Almost one month later, on April 5, 2014, Ham joined an experienced team of cave surveyors from WKU-Dr. Jason Polk, Dr. Pat Kambesis and Kegan McClanahan - to survey the collapse and associated cave passages from within. Safety was a major consideration and by this time the Skydome was stabilized and the debris and all but one of the Corvettes had been recovered from the collapse; a 2001 Mallett Hammer Corvette Z06 - still lay covered in rock and soil.

Descending carefully into the cave, the survey team found two ‘rooms’, each about 12 meters wide by 18 meters long with a maximum height of 6 meters. Reduced to crawling on their bellies at times through narrow passages and scrambling over piles of rubble, the team mapped the cave and established survey stations at micropiles visible in the cave for georeferencing purposes.

“It was a great opportunity to inspect the geology up close and we noted a lithologic marker bed, the Corydon Ball Chert, which also helped us calibrate our geologic model, establishing elevations for the contact between the St. Louis and St. Genevieve Limestones which influences karst development in the Bowling Green area,” explains Ham.

The 2D microgravity map was combined with the high-resolution cave survey, drilling information and geologic data to create a detailed model of the collapse that was used in the geotechnical remediation of the site.
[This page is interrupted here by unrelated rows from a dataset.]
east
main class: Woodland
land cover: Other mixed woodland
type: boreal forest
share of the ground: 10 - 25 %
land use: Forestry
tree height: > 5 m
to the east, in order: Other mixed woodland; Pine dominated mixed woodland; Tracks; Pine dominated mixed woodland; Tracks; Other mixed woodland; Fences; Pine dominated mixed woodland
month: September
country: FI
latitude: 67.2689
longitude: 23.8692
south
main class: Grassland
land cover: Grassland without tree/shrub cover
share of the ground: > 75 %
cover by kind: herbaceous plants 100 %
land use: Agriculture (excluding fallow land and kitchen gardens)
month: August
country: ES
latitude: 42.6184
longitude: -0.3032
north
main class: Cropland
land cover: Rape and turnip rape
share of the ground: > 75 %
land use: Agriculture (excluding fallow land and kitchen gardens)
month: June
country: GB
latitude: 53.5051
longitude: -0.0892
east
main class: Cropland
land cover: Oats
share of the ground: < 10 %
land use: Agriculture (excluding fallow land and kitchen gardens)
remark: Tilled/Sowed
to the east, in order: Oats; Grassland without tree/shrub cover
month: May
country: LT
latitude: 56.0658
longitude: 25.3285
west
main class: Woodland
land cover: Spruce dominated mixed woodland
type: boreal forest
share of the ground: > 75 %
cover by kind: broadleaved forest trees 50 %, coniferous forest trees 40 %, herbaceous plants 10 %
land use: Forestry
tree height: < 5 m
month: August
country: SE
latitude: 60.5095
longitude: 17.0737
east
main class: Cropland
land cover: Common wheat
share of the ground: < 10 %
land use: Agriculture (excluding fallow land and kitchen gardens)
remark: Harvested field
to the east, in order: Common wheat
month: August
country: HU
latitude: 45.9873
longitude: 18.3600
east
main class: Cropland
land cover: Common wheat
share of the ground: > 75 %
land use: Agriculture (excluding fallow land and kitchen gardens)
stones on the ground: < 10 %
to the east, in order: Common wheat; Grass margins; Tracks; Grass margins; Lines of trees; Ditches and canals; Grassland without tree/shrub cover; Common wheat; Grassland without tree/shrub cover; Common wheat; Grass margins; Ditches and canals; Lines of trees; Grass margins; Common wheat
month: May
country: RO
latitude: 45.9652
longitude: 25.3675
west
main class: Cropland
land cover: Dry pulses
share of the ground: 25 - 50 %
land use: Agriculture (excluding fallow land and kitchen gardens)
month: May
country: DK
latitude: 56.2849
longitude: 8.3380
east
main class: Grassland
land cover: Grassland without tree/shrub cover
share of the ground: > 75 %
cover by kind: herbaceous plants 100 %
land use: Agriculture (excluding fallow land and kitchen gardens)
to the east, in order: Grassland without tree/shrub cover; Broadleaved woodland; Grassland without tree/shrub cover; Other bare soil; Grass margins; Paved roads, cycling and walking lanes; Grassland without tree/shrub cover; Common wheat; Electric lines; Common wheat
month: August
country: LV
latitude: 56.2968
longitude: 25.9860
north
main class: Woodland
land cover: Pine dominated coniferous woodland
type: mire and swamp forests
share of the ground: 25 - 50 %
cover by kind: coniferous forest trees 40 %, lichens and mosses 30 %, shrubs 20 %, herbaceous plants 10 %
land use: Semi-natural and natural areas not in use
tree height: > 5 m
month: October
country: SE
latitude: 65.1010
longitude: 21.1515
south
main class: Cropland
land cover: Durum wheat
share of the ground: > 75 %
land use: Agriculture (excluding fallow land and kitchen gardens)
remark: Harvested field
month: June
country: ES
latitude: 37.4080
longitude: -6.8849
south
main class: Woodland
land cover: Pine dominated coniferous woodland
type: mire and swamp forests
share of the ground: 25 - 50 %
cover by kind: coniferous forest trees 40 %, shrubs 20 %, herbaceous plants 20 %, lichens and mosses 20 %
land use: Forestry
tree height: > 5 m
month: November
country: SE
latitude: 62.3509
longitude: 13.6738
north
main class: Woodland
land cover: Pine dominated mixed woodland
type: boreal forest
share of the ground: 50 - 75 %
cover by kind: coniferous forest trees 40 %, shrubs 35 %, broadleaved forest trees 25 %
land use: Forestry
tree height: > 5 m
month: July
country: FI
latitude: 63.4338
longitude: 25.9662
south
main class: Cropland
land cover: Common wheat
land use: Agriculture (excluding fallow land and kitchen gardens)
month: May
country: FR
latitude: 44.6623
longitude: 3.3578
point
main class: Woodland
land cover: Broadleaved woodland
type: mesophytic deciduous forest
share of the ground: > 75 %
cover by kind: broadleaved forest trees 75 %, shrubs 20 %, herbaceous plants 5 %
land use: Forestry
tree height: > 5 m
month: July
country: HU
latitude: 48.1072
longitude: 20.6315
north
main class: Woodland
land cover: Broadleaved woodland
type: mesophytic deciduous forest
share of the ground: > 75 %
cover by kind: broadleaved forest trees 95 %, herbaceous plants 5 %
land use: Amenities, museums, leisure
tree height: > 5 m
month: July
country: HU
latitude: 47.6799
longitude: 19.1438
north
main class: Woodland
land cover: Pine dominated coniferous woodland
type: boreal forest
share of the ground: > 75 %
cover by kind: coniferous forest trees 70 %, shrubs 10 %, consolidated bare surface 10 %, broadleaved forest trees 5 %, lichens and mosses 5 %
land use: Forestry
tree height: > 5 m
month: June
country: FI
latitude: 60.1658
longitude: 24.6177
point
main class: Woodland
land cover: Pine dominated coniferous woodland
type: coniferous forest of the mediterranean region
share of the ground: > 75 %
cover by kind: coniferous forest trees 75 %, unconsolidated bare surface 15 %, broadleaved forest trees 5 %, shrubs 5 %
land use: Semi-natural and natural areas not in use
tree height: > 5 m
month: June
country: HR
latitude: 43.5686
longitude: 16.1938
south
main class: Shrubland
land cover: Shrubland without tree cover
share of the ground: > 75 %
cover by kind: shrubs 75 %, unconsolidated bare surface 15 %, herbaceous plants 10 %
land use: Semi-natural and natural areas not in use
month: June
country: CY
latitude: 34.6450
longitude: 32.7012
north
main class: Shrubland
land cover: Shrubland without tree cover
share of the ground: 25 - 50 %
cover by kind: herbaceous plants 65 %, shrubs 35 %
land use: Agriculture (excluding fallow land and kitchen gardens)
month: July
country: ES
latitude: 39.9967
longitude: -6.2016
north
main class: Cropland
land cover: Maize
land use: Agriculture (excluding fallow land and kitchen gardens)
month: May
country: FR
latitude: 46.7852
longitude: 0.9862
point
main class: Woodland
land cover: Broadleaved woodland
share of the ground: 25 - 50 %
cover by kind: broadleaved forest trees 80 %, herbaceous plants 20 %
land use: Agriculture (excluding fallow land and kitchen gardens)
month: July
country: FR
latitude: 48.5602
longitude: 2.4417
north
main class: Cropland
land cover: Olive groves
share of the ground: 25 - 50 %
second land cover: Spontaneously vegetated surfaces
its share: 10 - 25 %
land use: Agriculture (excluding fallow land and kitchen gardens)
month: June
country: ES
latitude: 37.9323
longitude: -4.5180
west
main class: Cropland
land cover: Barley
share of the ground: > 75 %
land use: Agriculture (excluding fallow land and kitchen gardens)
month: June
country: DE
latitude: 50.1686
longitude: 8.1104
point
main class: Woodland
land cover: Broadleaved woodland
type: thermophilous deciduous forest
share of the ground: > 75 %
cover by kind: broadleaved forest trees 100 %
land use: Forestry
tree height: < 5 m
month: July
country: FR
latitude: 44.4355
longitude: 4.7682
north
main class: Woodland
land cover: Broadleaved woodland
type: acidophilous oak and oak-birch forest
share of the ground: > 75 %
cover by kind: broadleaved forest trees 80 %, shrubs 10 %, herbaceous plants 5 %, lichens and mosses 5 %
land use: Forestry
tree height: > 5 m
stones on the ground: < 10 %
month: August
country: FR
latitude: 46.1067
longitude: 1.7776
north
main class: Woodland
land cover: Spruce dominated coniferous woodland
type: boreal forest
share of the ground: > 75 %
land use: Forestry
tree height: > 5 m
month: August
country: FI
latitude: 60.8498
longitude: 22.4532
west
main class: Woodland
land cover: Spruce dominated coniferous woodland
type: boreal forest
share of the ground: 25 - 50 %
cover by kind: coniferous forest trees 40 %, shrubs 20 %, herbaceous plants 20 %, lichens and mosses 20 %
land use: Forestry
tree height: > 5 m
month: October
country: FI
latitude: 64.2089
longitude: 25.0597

There was excellent correlation between the anomalies identified via the microgravity survey and the map prepared by the cave survey team.  The void below the Skydome was backfilled with aggregate supported by steel plates and micropiles with monitors installed to detect any future movement at the site.

Today, visitors to the NCM can peer into a manhole installed during the recovery and explore a new exhibit which opened two years after the initial collapse, on February 12, 2016. The exhibit tells the story of the collapse, which cars were affected, how they were recovered, what karst landscapes and caves are, how the building was fixed, and includes a map of the EnSafe microgravity results.